For example, “_Which virus is best known as the cause of infectious mononucleosis?_” is a factoid question. LIST QUESTIONS: These are questions that require a _list_ of entities (e.g., a
list of genes) as an answer; again, in practice additional supportive information is desirable. For example, “_Which are the Raf kinase inhibitors?_” is a list question. SUMMARY QUESTIONS:
These are questions that do not belong in any of the previous categories and can only be answered by producing a short text summarizing the most prominent relevant information. For example,
“_How does dabigatran therapy affect aPTT in patients with atrial fibrillation?_” is a summary question. When formulating summary questions, the experts aimed at questions that they can
answer in a satisfactory manner with a one-paragraph summary, intended to be read by other experts of the same field. In all four categories, the experts aim at questions for which a limited
number of articles (min. 10, max. 60) are retrieved through PubMed queries. Questions which are controversial or that have no clear answers in the literature are avoided. Moreover, all
questions are related to the biomedical domain.
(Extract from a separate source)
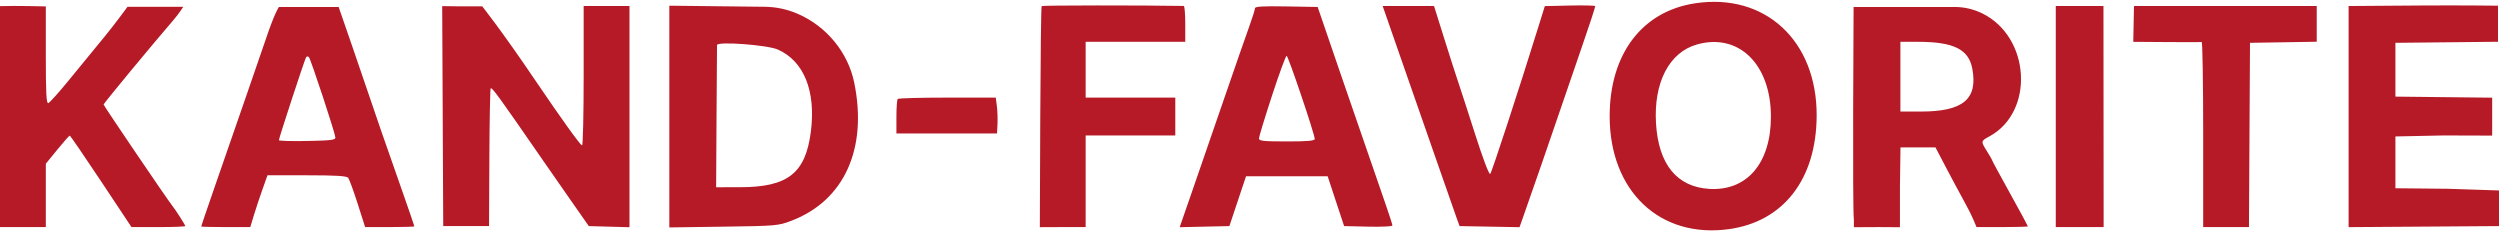 <?xml version="1.0" encoding="UTF-8"?> <svg xmlns="http://www.w3.org/2000/svg" width="1255" height="116" viewBox="0 0 1255 116" fill="none"><path fill-rule="evenodd" clip-rule="evenodd" d="M851 1.647C824.255 5.674 807.991 27.203 808.05 58.498C808.121 95.962 833.21 119.731 867.75 115.055C895.293 111.327 911.865 89.939 911.964 57.995C912.081 20.409 886.068 -3.634 851 1.647ZM0 3.079V113.998H23V82.194L28.75 75.152C31.913 71.28 34.725 68.098 35 68.082C35.275 68.065 42.363 78.39 50.752 91.025L66.004 113.998H79.502C86.926 113.998 93 113.763 93 113.477C93 112.896 88.175 105.369 86.291 103.011C83.789 99.879 52 53.017 52 52.46C52 51.921 76.194 22.675 87.191 9.92C89.836 6.853 92 3.42 92 3.42H64C64 3.42 57.889 11.822 52.784 18.032C46.679 25.462 40.584 32.9 34.5 40.346C29.55 46.407 24.938 51.546 24.25 51.766C23.273 52.077 23 46.816 23 27.691V3.217C23 3.217 7.681 2.808 0 3.079ZM140 3.5C140 3.5 137.839 6.432 133.15 20.498C132.05 23.798 127.55 36.848 123.149 49.498C109.701 88.155 101 113.372 101 113.693C101 113.861 106.543 113.998 113.317 113.998H125.635L127.378 108.248C128.337 105.086 130.28 99.236 131.695 95.248L134.268 87.998H154.012C168.598 87.998 174.021 88.325 174.771 89.248C175.33 89.936 177.476 95.785 179.54 102.248L183.293 113.998H195.646C202.441 113.998 208 113.818 208 113.599C208 113.379 205.494 106.067 202.431 97.349C192.254 68.387 187.805 55.569 185.475 48.498C183.132 41.387 170 3.5 170 3.5H155.5H140ZM231.5 3.192L221.983 3.073L222.242 58.286L222.5 113.498H245.5L245.661 79.171C245.749 60.291 246.046 44.619 246.321 44.344C246.967 43.697 250.325 48.322 272.294 80.114C277.124 87.087 281.97 94.048 286.833 100.998L295.579 113.498L305.79 113.783L316 114.068V2.998H293V37.998C293 57.248 292.64 72.998 292.2 72.998C291.393 72.998 281.605 59.378 268.485 39.998C251.56 14.997 242.08 3.192 242.08 3.192H231.5ZM522.921 3.047C522.269 3.45 522 114.056 522 114.056C522 114.056 523.221 113.998 533.5 113.998H545V67.998H590V48.998H545V20.998H595V11.998C595 7.048 594.663 2.992 594.25 2.985C572.843 2.608 523.561 2.651 522.921 3.047ZM788 2.783L775.5 3.069L772.323 13.283C762.21 45.797 748.883 86.515 748.095 87.303C747.542 87.856 744.545 79.977 740.509 67.358C736.84 55.885 732.991 44.023 731.955 40.998C730.918 37.973 727.777 28.186 724.973 19.248L719.875 2.998H694.096L700.62 21.748C704.208 32.061 708.718 44.998 710.642 50.498C712.567 55.998 717.667 70.623 721.978 82.998C726.288 95.373 730.463 107.298 731.257 109.498L732.699 113.498L747.743 113.773L762.787 114.049L763.97 110.773C766.585 103.534 781.335 60.952 783.983 52.998C785.539 48.323 790.013 35.299 793.926 24.056C797.838 12.813 800.917 3.363 800.769 3.056C800.621 2.749 794.875 2.626 788 2.783ZM930.5 3.498C930.5 3.498 929.886 105.677 930.647 110.279V114.061L943 113.998L953.771 114.061V93.748L954.042 73.998H971.614L976.899 84.087C979.806 89.636 983.73 96.949 985.62 100.337C987.509 103.726 989.767 108.186 990.636 110.248L992.217 113.998H1005.11C1012.2 113.998 1018 113.825 1018 113.613C1018 113.401 1013.95 105.925 1009 96.998C1004.05 88.071 1000 80.586 1000 80.363C1000 80.14 998.875 78.176 997.5 75.998C994.302 70.932 994.319 70.82 998.595 68.517C1021.41 56.229 1019.32 18.654 995.148 6.748V6.748C990.809 4.61 986.036 3.498 981.199 3.498H960H930.5ZM1215.25 2.76L1179 3.023V114.022L1216.75 113.76L1254.5 113.498V105V95.606L1228.79 94.765L1202.5 94.498V68.498L1226.5 67.998L1251.07 68.073V58.554V49.034L1226.79 48.766L1202.5 48.498V21.498L1228.25 21.231L1254 20.964V12.088C1254 5.844 1254 2.855 1254 2.855C1254 2.855 1235.19 2.616 1215.25 2.76ZM336 58.512V114.165L363.25 113.785C389.799 113.415 390.677 113.337 397.379 110.779C423.778 100.701 435.605 74.647 428.828 41.498C425.724 26.314 414.905 13.158 400.364 6.889V6.889C395.173 4.651 389.589 3.465 383.937 3.401L364.25 3.178L336 2.859V58.512ZM630 4.15C630 4.812 628.684 8.986 627.076 13.426C625.468 17.865 619.662 34.548 614.174 50.498C608.865 65.93 603.539 81.356 598.197 96.777L592.198 114.056L604.674 113.777L617.151 113.498L621.325 100.998L625.5 88.498H666.488L670.615 100.998L674.742 113.498L686.871 113.779C693.542 113.933 699 113.674 699 113.204C699 112.733 697.364 107.657 695.364 101.923C691.232 90.076 677.313 49.769 672.944 36.998C671.345 32.323 668.109 22.873 665.753 15.998L661.469 3.498L645.735 3.223C633.989 3.017 630 3.252 630 4.15ZM1032 58.498V113.998H1056.03L1055.98 58.498L1055.94 2.998H1032V58.498ZM1071.08 11.998L1070.9 20.998L1087.7 21.116C1096.94 21.182 1104.84 21.182 1105.25 21.116C1105.66 21.051 1106 41.923 1106 67.498V113.998H1128.98L1129.24 67.748L1129.5 21.498L1146.25 21.224L1163 20.95V2.998H1071.26L1071.08 11.998ZM851.881 22.318C837.928 26.257 830.065 41.432 831.32 61.998C832.575 82.557 841.836 93.882 858.166 94.828C877.034 95.921 889 81.84 889 58.545C889 32.234 872.792 16.415 851.881 22.318ZM954 38.498V55.998H964.318C985.481 55.998 992.95 49.761 990.094 34.473C988.277 24.746 980.728 20.998 962.951 20.998H954V38.498ZM359.947 22.615C359.918 23.101 359.805 39.36 359.697 58.747L359.5 93.996L371.5 93.982C395.531 93.953 404.397 86.986 407.057 66.038C409.636 45.729 403.587 30.694 390.5 24.886C385.225 22.545 360.064 20.675 359.947 22.615ZM153.635 28.78C152.934 29.913 140 69.361 140 70.364C140 70.743 146.412 70.928 154.25 70.775C166.198 70.543 168.478 70.256 168.366 68.998C168.143 66.497 155.961 29.559 155.063 28.661C154.602 28.2 153.96 28.254 153.635 28.78ZM638.547 48.006C634.946 59.01 632 68.685 632 69.506C632 70.758 634.254 70.998 646 70.998C656.471 70.998 660 70.686 660 69.758C660 67.42 646.674 27.998 645.883 27.998C645.449 27.998 642.147 37.001 638.547 48.006ZM450.667 49.665C450.3 50.031 450 54.081 450 58.665V66.998L475.25 66.995L500.5 66.993L500.74 62.245C500.871 59.634 500.731 55.586 500.428 53.248L499.877 48.998H475.605C462.256 48.998 451.033 49.298 450.667 49.665Z" fill="#B61A27"></path></svg>

For example, in the case of the following two questions: _Q_1: _Which are the differences between Hidden Markov Models (HMMs) and Artificial
Neural Networks (ANNs)_? _Q_2: _Which are the uses of Hidden Markov Models (HMMs) in gene prediction?_ Although HMMs and ANNs are used in the biomedical domain, _Q_1 is not suitable for the
needs of BioASQ, since there is not a direct indication that it is related to the biomedical domain. On the other hand, _Q_2 links to “gene prediction” and is appropriate. STEP 2: RELEVANT
CONCEPTS A set of terms that are relevant to each question is selected. The set of relevant terms may include terms that are already mentioned in the question, but it may also include
synonyms of the question terms, closely related broader and narrower terms etc. For the question “_Do CpG islands colocalise with transcription start sites?_”, the set of relevant terms
would most probably include the question terms “_CpG Island_” and “_transcription start site_”, but possibly also other terms, like the synonym“_Transcription Initiation Site_”. STEP 3:
INFORMATION RETRIEVAL Using the selected terms, the BioASQ annotation tool allows the experts to issue queries and retrieve relevant articles through PubMed. More than one query may be
associated with each question and each query can be enriched with the advanced search tags of PubMed. The search window (Figure 5) allows selecting information that is necessary to answer
the question. One of the main powers of the annotation tool is that it implements interfaces to different data sources of different types, i.e., unstructured, semi-structured or structured.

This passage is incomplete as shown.